Впрочем, в шестидесятые дом на Таврической пошел на капитальный ремонт; его жильцов разбросало по городу, и то, что некогда было близкой дружбой, постепенно превратилось в смесь редких визитов и обязательных поздравлений с днями рождения. Для моей бабушки эти поздравления были связаны с известным ощущением неловкости — она чувствовала себя виноватой в том, что они видятся столь редко и что их дружба почти сошла на нет. В нашем же доме Регина Марковна была всего лишь именем, иногда встречавшимся среди случайных тем случайного разговора, призраком, долгое время лишенным зрительного образа, — пока однажды Саша не сказал мне:
— Слушай, я же обещал сегодня зайти к тетке. Пойдем вместе?
Был апрель, холодный и язвительный, с черной талой клинописью надежд на сером весеннем снегу, когда гранит еще холоден, серая вода бурлит, но лед уже взломан, и пена разбивается о его плывущие глыбы. Но в отличие от марта с его холодами и обманчивыми проблесками солнца, апрель уже был весной, хотя, конечно же, весной северной, а значит неровной, грустной и лукавой, но часто и теплой, иногда дождливой, почти всегда иллюзорной.

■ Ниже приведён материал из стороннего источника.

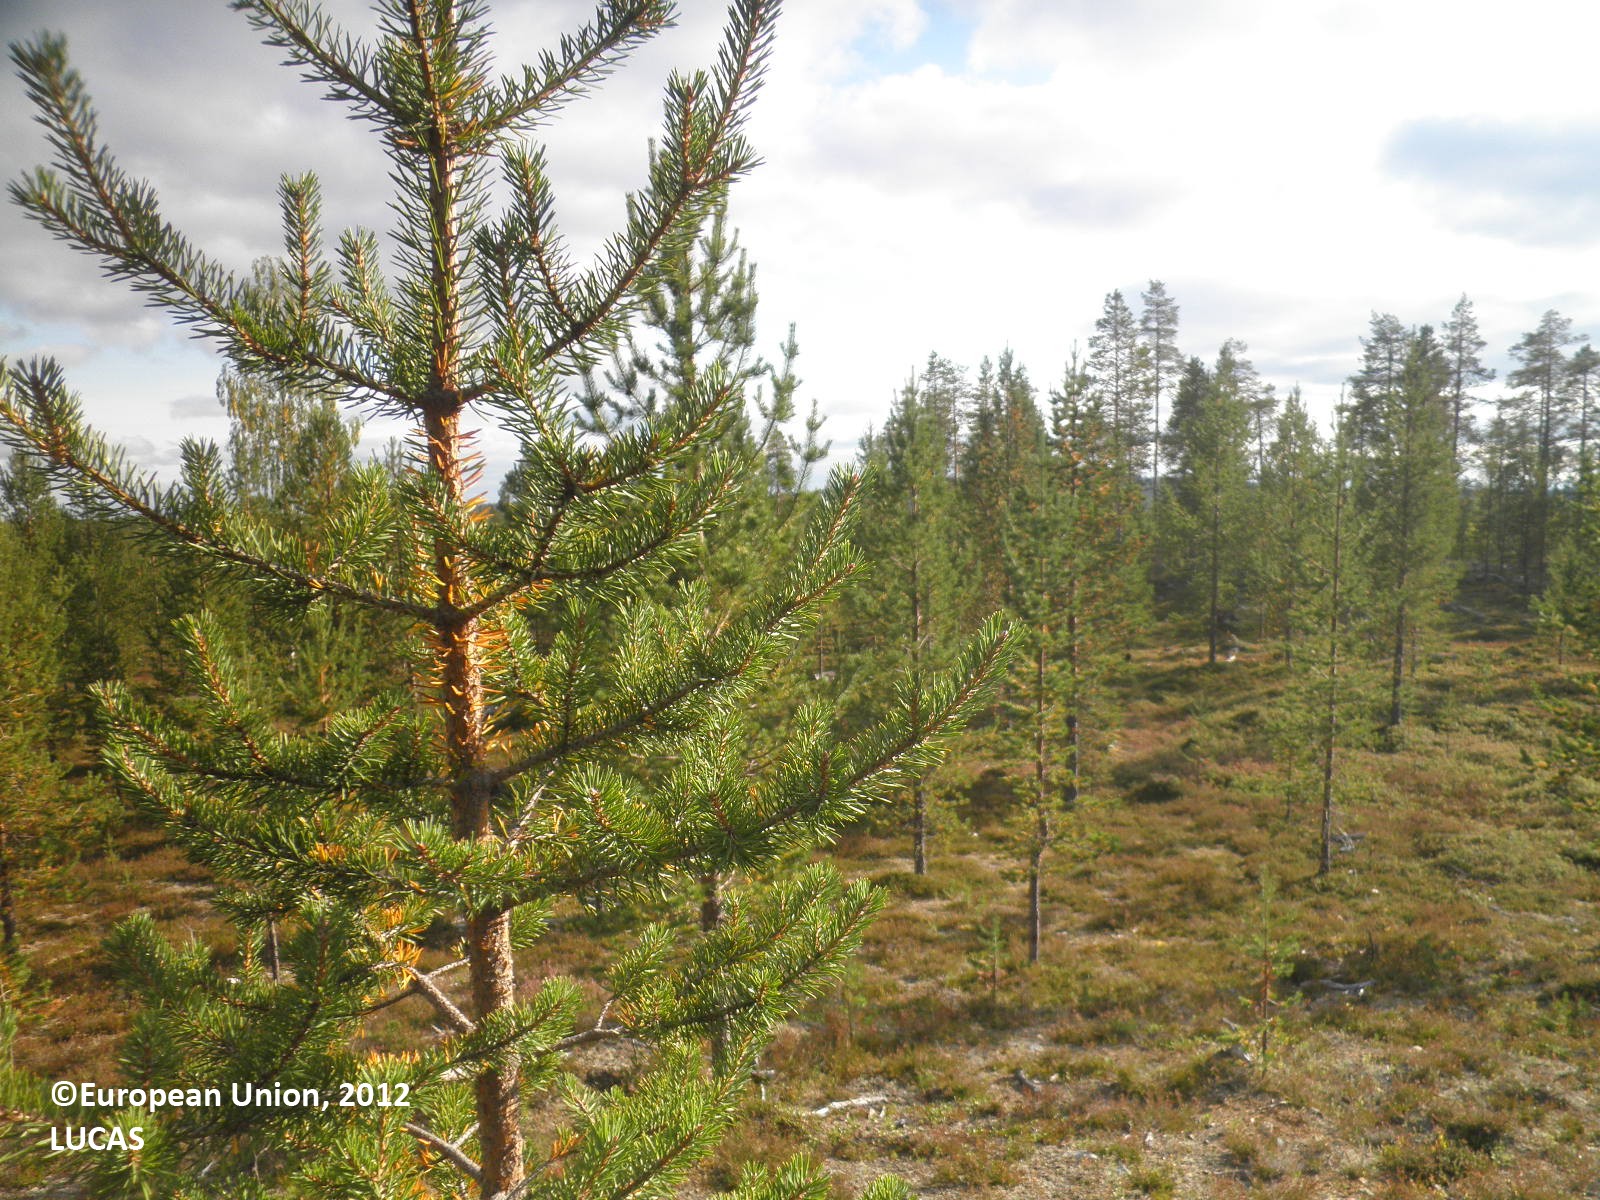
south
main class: Woodland
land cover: Pine dominated coniferous woodland
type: boreal forest
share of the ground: 10 - 25 %
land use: Forestry
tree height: > 5 m
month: August
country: FI
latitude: 67.9008
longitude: 29.0274

Мы сидели в «Гноме» — полутемном кафе на полпути от Фурштатской до Дома Мурузи; и, войдя, Женька сказала:
— Я так и знала, что застану вас здесь.
— Было очень, очень сложно догадаться, — ответил Саша.
Мы пили светлое варево, помеченное в меню как «кофе-суррогат», заедая его пирожными буше и ромовыми бабами, купленными в кондитерской напротив. Женька села около окна, потом, подумав, передвинулась правее, поближе к стенке, переставив этюдник и вазочку с мороженым, которая оставила на столе влажный, круглый, светящийся в полумраке след.
— Мы идем к моей тетке, — сказал он Женьке. — Ты же знаешь тетю Регину. Я ей позвоню и скажу, что мы все идем к ней пить чай.
— Я иду красить в Михайловский сад, — сказала Женя, запихивая в карман оставшуюся ромовую бабу.
Допив кофе, мы пообещали составить ей компанию. В булочной напротив мы купили буханку хлеба для уток и лебедей; в киоске на остановке — пачку дешевых сигарет. Как мне показалось, трамвай шел из парка, задний вагон был почти пуст, и даже шепот откликался эхом; мы тоже молчали, вслушиваясь в холод сидений и неровный перезвон колес. Выйдя сразу после Пантелеймоновского моста, мы вернулись чуть назад, Саша прислонил Женькин этюдник к чугунной решетке со щитами и перекрещенными под ними секирами и копьями; единым движением отпрянув от проходящего автобуса, мы перегнулись через перила к мутной весенней воде.